START DATA FOR REVIEW

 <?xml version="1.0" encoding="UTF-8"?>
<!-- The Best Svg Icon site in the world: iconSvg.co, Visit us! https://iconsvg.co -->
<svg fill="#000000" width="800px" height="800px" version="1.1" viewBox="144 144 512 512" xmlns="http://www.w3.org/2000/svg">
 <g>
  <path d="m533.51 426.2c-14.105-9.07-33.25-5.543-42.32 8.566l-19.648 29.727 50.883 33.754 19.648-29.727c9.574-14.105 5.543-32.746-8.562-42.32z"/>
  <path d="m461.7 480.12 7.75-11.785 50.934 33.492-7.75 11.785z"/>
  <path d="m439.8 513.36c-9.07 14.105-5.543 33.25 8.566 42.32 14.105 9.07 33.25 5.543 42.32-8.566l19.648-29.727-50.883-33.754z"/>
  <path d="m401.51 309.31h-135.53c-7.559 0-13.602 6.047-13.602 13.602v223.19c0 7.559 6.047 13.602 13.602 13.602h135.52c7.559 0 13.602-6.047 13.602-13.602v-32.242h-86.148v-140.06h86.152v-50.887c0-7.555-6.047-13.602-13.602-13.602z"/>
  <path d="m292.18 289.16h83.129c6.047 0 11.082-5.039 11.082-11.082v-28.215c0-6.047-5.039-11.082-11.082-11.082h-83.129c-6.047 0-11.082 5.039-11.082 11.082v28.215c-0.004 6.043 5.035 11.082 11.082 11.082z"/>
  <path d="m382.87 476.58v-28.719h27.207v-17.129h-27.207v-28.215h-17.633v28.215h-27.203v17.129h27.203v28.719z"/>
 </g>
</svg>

END DATA FOR REVIEW

What lines in the data include the string "version"? Copy each one.

> **SOLUTION FOR THIS EXERCISE**
 <?xml version="1.0" encoding="UTF-8"?>
<svg fill="#000000" width="800px" height="800px" version="1.1" viewBox="144 144 512 512" xmlns="http://www.w3.org/2000/svg">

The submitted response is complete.